Diese steuerliche Sonderbehandlung der Kantonalbanken kommt den Bund teuer zu stehen. Ihm entgehen laut Avenir Suisse rund 190 Millionen Steuerfranken pro Jahr.

Die Sonderbehandlung der Kantonalbanken hat historische Gründe. «Doch heute sind diese überholt», sagt Schmid. «Besonders die Steuerbefreiung auf Bundesebene ist stossend, es braucht eine steuerliche Gleichbehandlung.» Umso mehr, als diese einfach umzusetzen wäre. Hierfür genügt der Wechsel der Rechtsform – von einer öffentlich-rechtlichen Anstalt in eine Aktiengesellschaft.

Politisch deutlich schwieriger wird es, die Staatsgarantie der Kantonalbanken zu kappen. Das weiss auch Schmid. «Aber es wäre richtig», ergänzt der Avenir-Suisse-Ökonom. «In der Schweiz gibt es heute keine Unterversorgung mehr mit Finanzdienstleistungen», im Gegenteil: Es gebe hierzulande über 230 Banken, hinzu kämen all die globalen Fintech-Anbieter.

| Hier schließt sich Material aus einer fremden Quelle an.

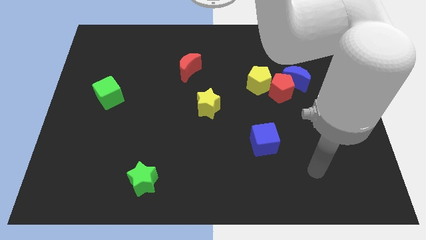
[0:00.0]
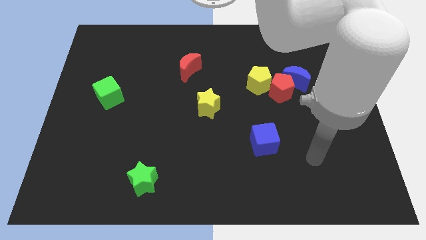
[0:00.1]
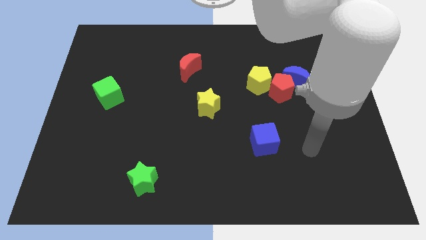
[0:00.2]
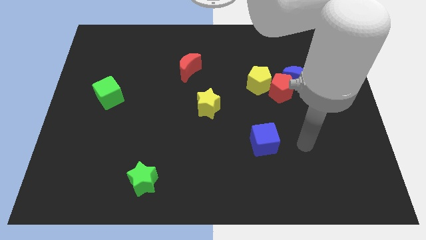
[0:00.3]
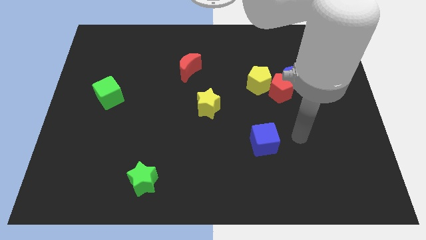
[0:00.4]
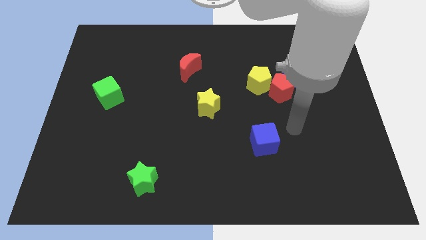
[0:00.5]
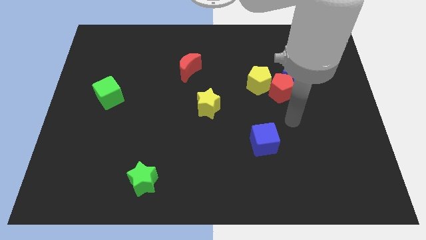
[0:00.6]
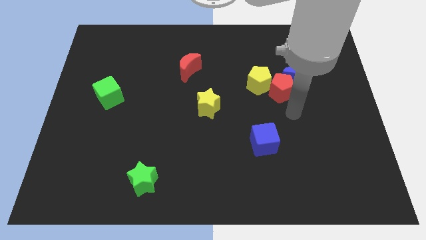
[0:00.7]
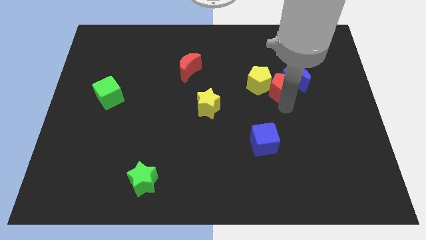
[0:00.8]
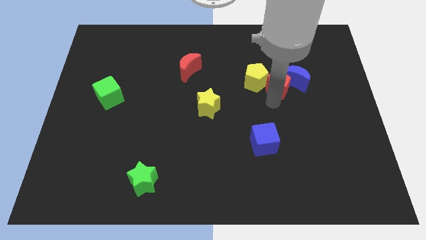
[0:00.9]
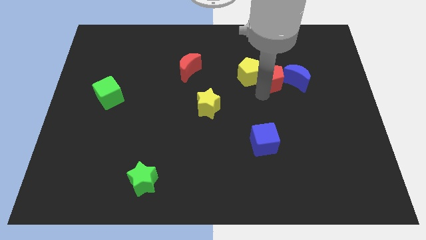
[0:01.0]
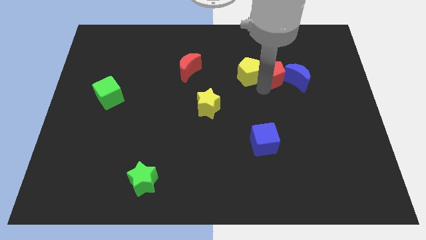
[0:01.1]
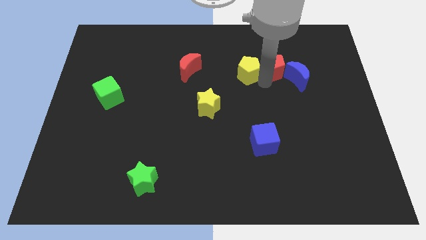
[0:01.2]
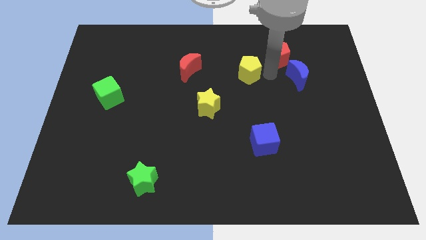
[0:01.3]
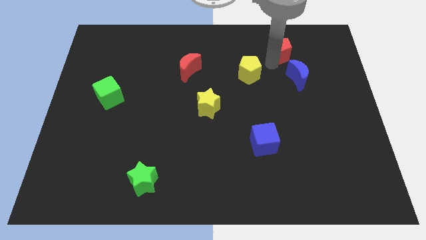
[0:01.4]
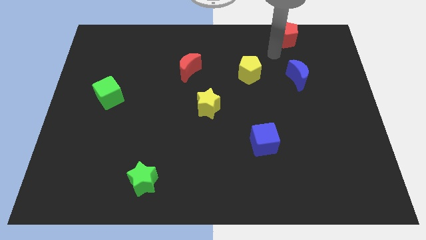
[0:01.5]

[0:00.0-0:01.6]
move the red pentagon away from the blue moon and yellow pentagon

Das Risiko für die Steuerzahler hingegen bleibt beachtlich. Davor warnte kürzlich auch der Banking-Experte Reto Schiltknecht: Der Kanton Luzern etwa müsste im Fall einer Insolvenz seiner Kantonalbank «wahrscheinlich neue Schulden aufnehmen, was ziemlich sicher Steuererhöhungen nach sich ziehen würde». Teuer würde es so oder so. Auch deshalb betont Schmid: «Wir brauchen keine Staatsbanken mehr.»

Geben dürfte es sie aber noch lange.